**What you have to do**
Every line of the material is to be quoted verbatim, minus the pictures.

::::

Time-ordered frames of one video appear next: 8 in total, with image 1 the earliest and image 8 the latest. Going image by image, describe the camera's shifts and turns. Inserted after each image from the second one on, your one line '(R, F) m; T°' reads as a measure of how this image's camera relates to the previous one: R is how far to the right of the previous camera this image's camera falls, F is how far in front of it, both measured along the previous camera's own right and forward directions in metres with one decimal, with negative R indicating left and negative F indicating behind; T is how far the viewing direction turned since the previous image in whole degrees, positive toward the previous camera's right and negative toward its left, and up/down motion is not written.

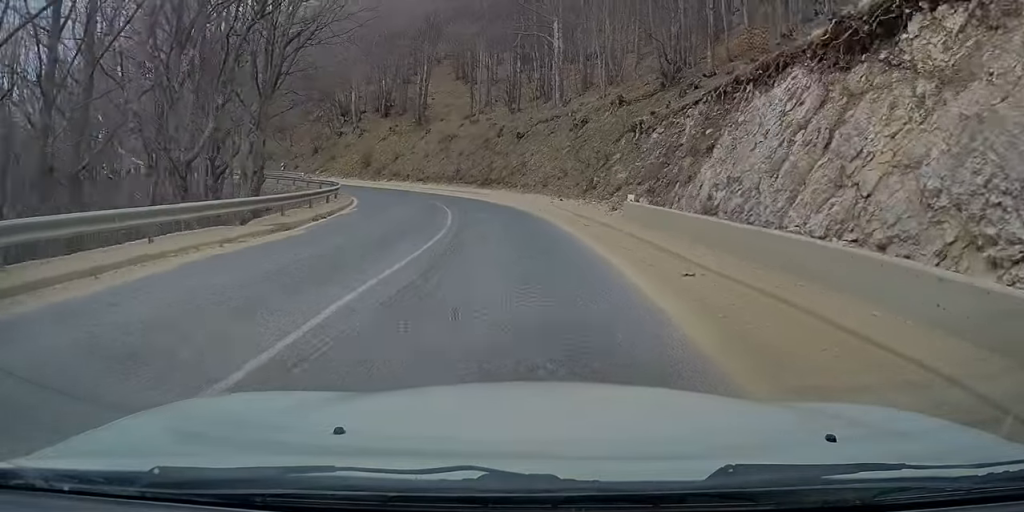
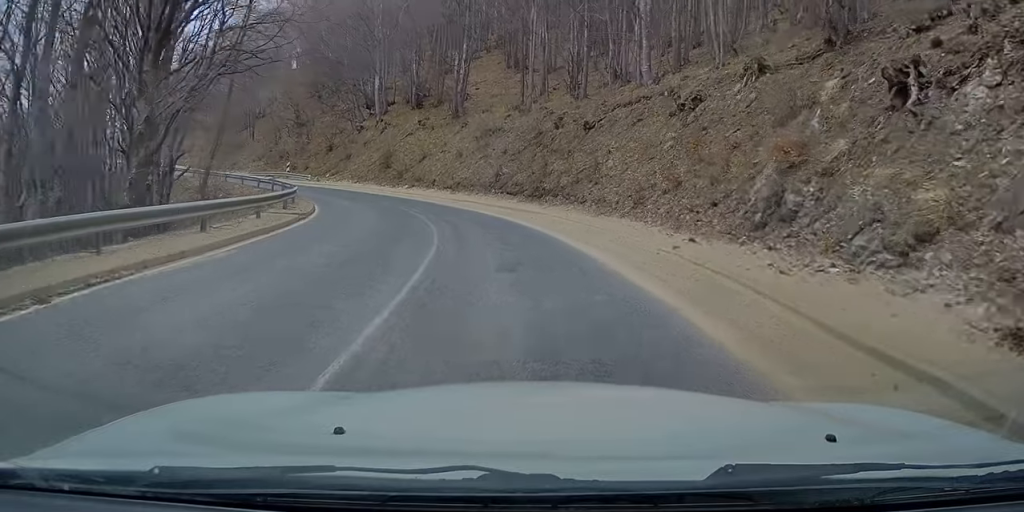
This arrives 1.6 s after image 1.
(+0.5, +12.7) m; -3°
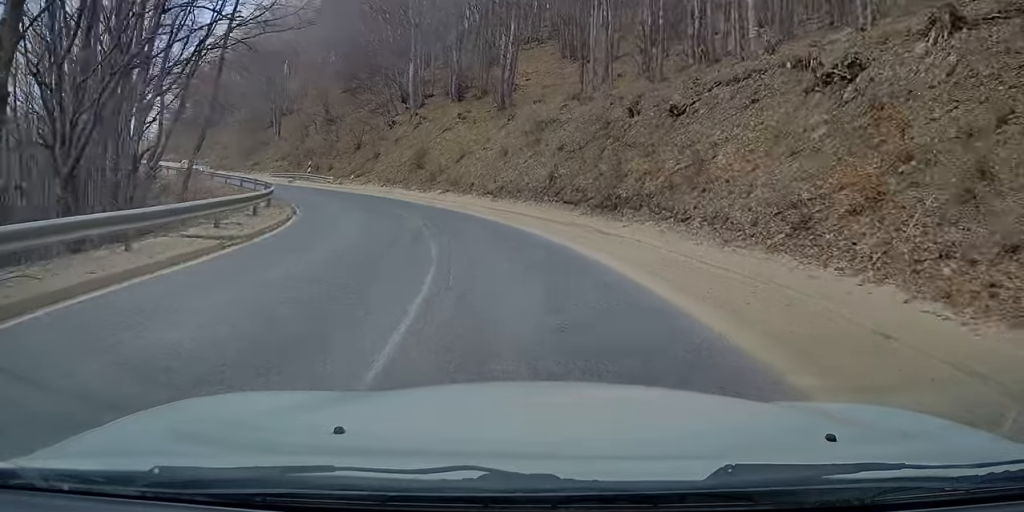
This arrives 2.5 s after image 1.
(-0.4, +6.2) m; -9°
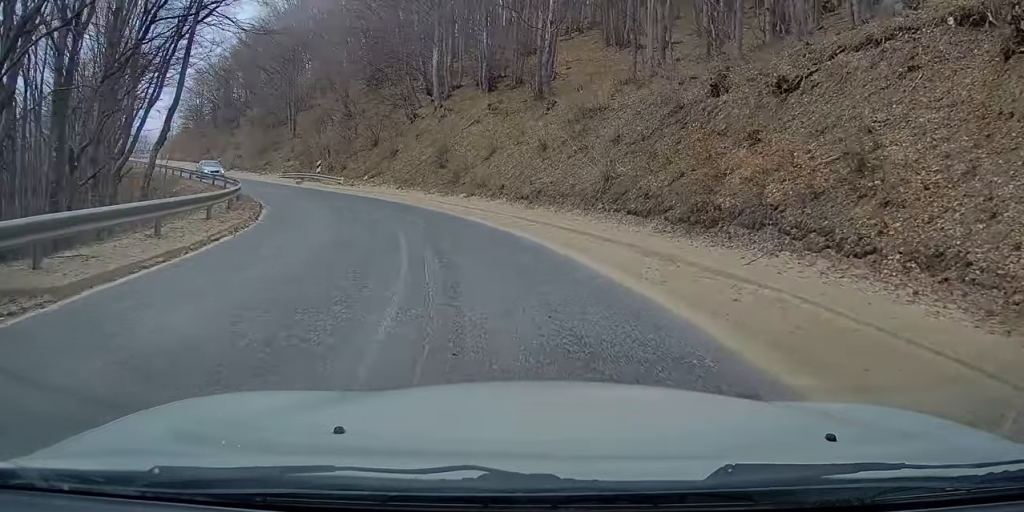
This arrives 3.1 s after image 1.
(-0.6, +4.8) m; -7°
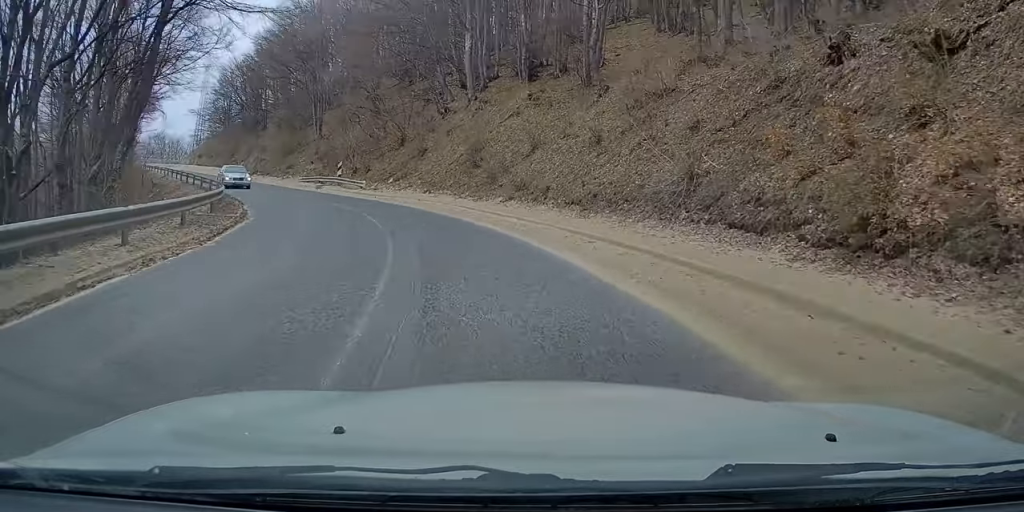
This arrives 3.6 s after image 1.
(-0.1, +4.2) m; -4°
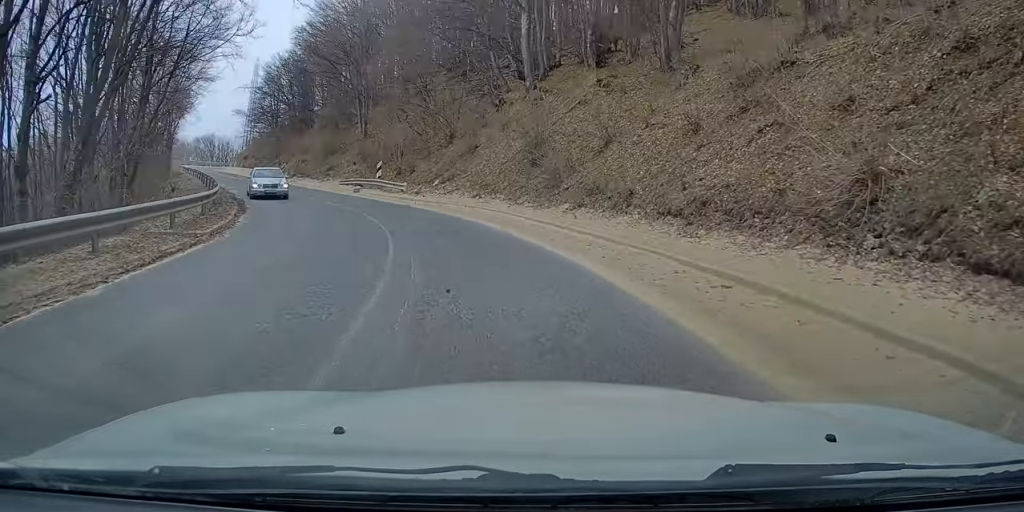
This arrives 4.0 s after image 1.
(+0.2, +4.3) m; -4°
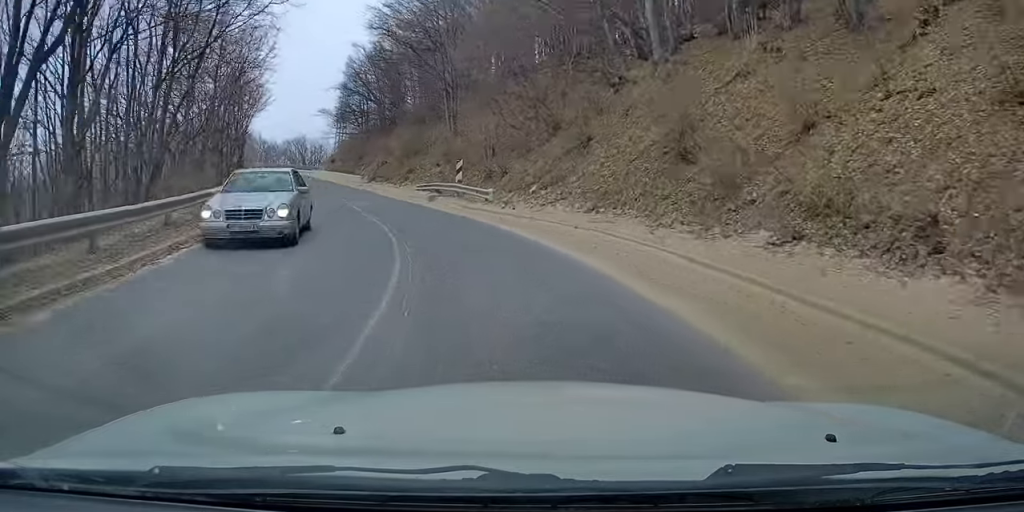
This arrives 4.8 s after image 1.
(-0.8, +8.4) m; -8°
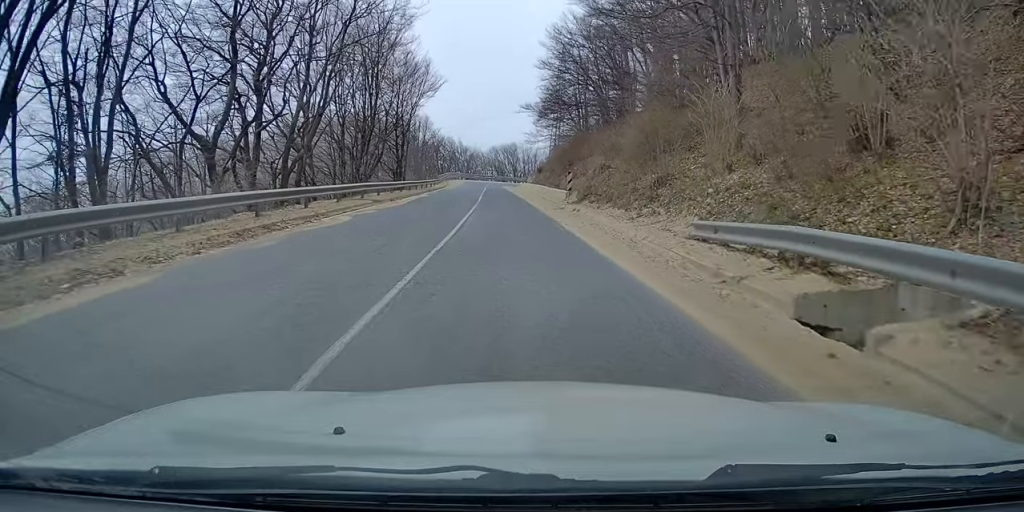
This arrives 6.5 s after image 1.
(-3.5, +23.2) m; -15°
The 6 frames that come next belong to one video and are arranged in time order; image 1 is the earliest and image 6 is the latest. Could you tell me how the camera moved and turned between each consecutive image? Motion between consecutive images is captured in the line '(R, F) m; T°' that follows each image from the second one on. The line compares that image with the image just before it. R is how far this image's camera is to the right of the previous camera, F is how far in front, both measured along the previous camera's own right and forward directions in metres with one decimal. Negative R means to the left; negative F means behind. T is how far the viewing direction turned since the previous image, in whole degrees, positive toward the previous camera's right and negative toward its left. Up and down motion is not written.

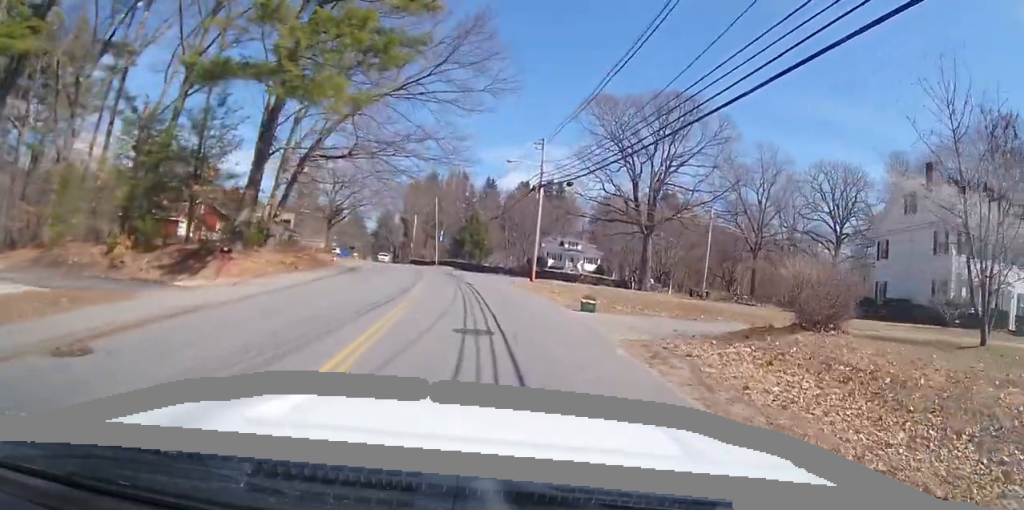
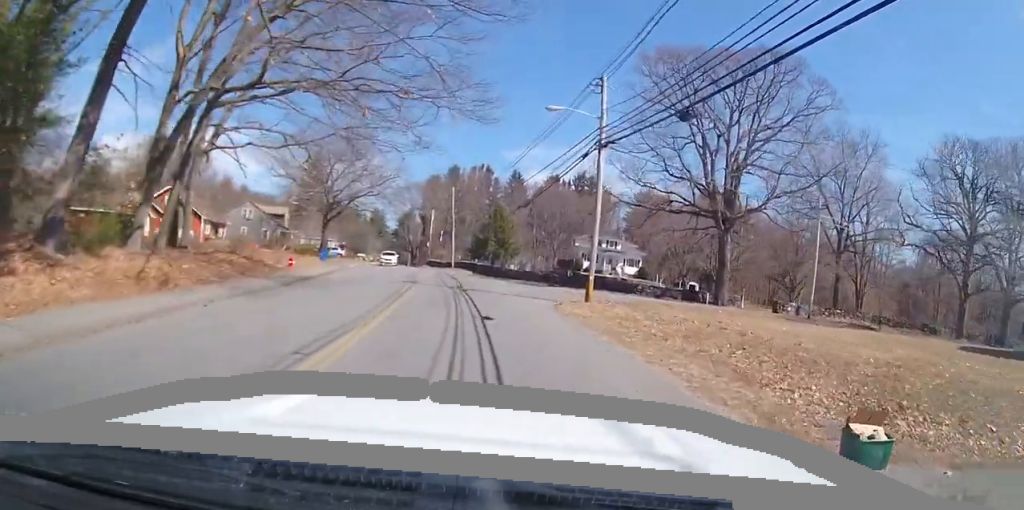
(+0.1, +15.0) m; -3°
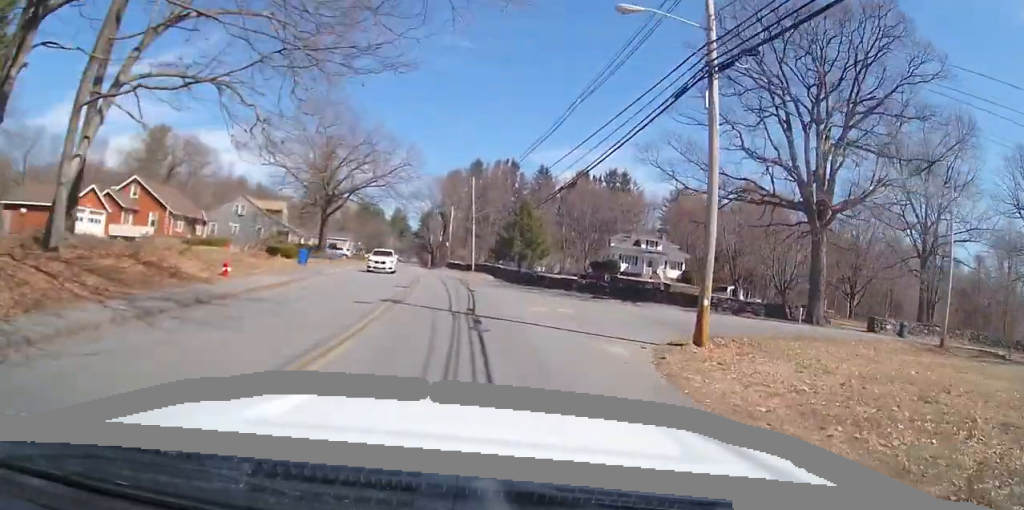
(-0.6, +10.8) m; -4°
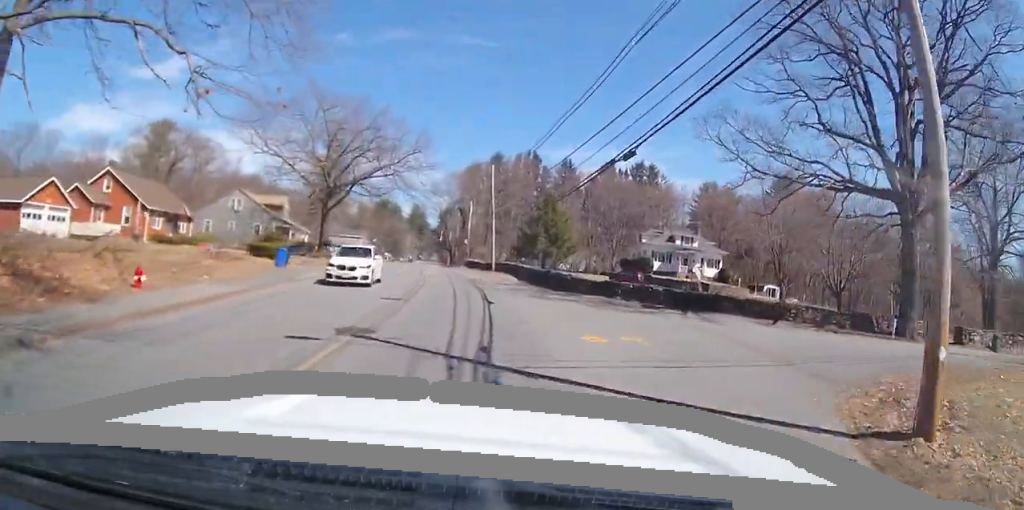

::::

**Finished task**
Time-ordered frames of one video appear next: 8 in total, with image 1 the earliest and image 8 the latest. Going image by image, describe the camera's shifts and turns. Inserted after each image from the second one on, your one line '(R, F) m; T°' reads as a measure of how this image's camera relates to the previous one: R is how far to the right of the previous camera this image's camera falls, F is how far in front of it, both measured along the previous camera's own right and forward directions in metres with one decimal, with negative R indicating left and negative F indicating behind; T is how far the viewing direction turned since the previous image in whole degrees, positive toward the previous camera's right and negative toward its left, and up/down motion is not written.

This arrives 1.6 s after image 1.
(+0.5, +12.7) m; -3°
This arrives 2.5 s after image 1.
(-0.4, +6.2) m; -9°
This arrives 3.1 s after image 1.
(-0.6, +4.8) m; -7°
This arrives 3.6 s after image 1.
(-0.1, +4.2) m; -4°
This arrives 4.0 s after image 1.
(+0.2, +4.3) m; -4°
This arrives 4.8 s after image 1.
(-0.8, +8.4) m; -8°
This arrives 6.5 s after image 1.
(-3.5, +23.2) m; -15°
The 6 frames that come next belong to one video and are arranged in time order; image 1 is the earliest and image 6 is the latest. Could you tell me how the camera moved and turned between each consecutive image? Motion between consecutive images is captured in the line '(R, F) m; T°' that follows each image from the second one on. The line compares that image with the image just before it. R is how far this image's camera is to the right of the previous camera, F is how far in front, both measured along the previous camera's own right and forward directions in metres with one decimal. Negative R means to the left; negative F means behind. T is how far the viewing direction turned since the previous image, in whole degrees, positive toward the previous camera's right and negative toward its left. Up and down motion is not written.

(+0.1, +15.0) m; -3°
(-0.6, +10.8) m; -4°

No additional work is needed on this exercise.